View Full Version : Probability question

05-31-2010, 09:32 PM
I read this as a solution to a problem, but I'm not sure how to get it:

Say we have k balls, of which 1 is red and k-1 are black, and k is odd. If we split them into two "half" piles of m and n balls, with m = n + 1, then the probability that pile "m" will have the red ball is m / (m+n).

I understand the other part, when k is even, then probability is 0.5, because it's equally likely to end up in either pile. And I understand, in the odd case, that the probability will be greater for the bigger "m" pile. But why will it be exactly the ratio given above?

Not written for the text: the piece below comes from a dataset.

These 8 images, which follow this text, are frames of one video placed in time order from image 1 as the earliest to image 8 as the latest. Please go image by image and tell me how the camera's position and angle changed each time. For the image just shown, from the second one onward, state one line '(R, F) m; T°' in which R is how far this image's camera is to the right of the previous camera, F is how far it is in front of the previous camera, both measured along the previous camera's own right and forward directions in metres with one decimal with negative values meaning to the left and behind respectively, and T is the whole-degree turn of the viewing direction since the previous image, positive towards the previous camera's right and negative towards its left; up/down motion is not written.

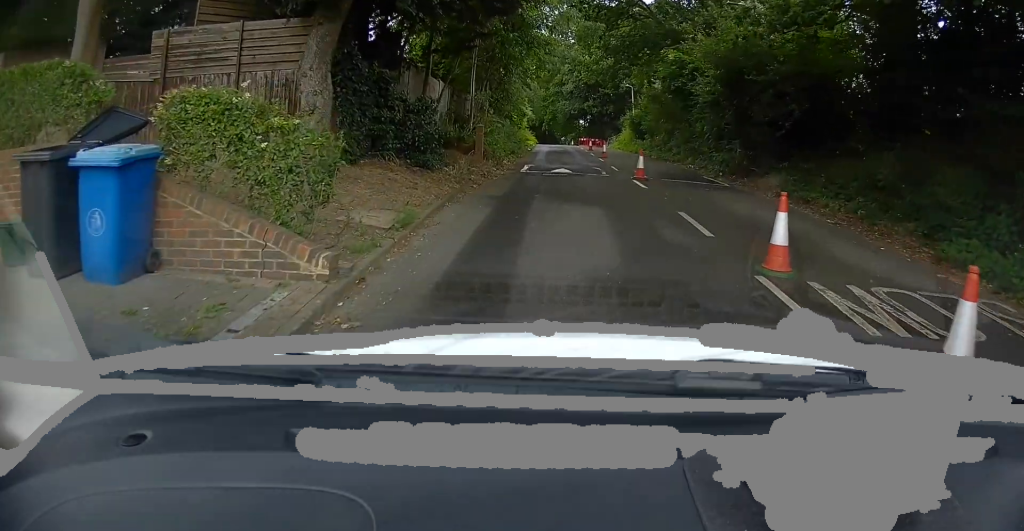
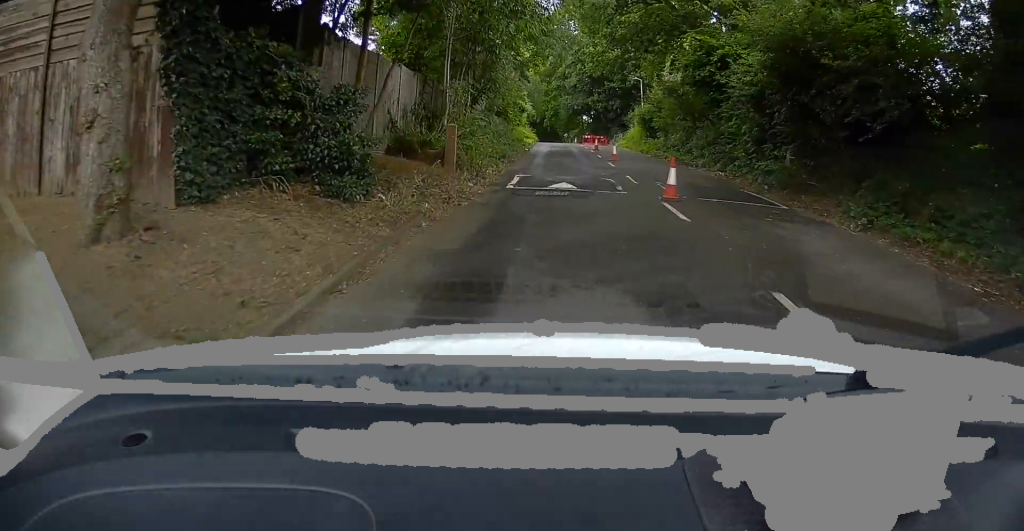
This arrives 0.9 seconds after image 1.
(0.0, +4.7) m; -1°
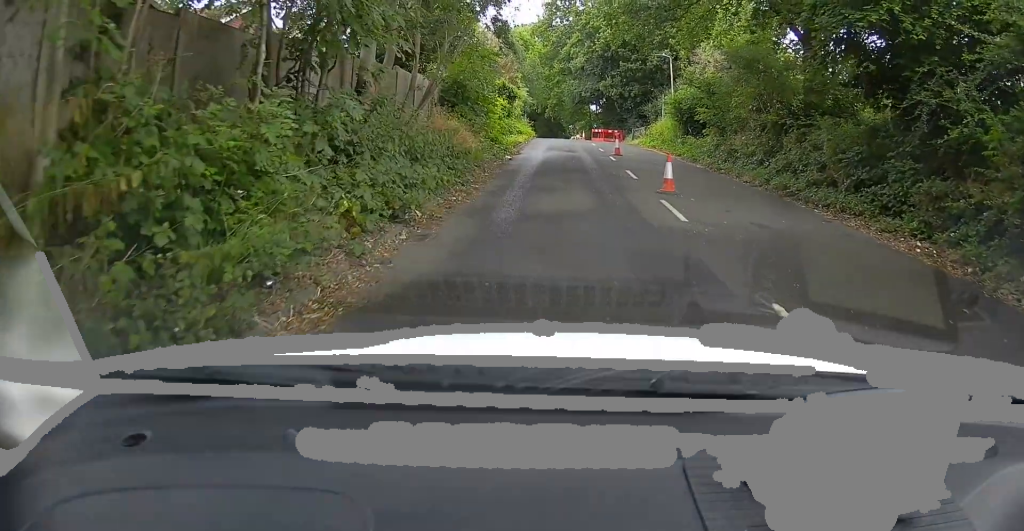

Any insight much appreciated. Thanks.

06-01-2010, 02:23 AM
You have a total of m + n balls
You split them into two piles, one pile with m balls
and another pile with n balls
So I think the answer \frac {m} {m+n} is quite intuitive.
The probability is proportional to the number of balls in the pile

To generalize this idea, you can read about the hypergeometric distribution
\frac {{m \choose 1} {n \choose 0}} {{m+n \choose 1}}
= \frac {(m)(1)} {m+n} = \frac {m} {m+n}

06-01-2010, 05:56 PM
It seemed intuitive, but I wasn't sure how to derive it. Reading up on the hypergeometric distribution helped me work it out. Thanks very much for the pointer!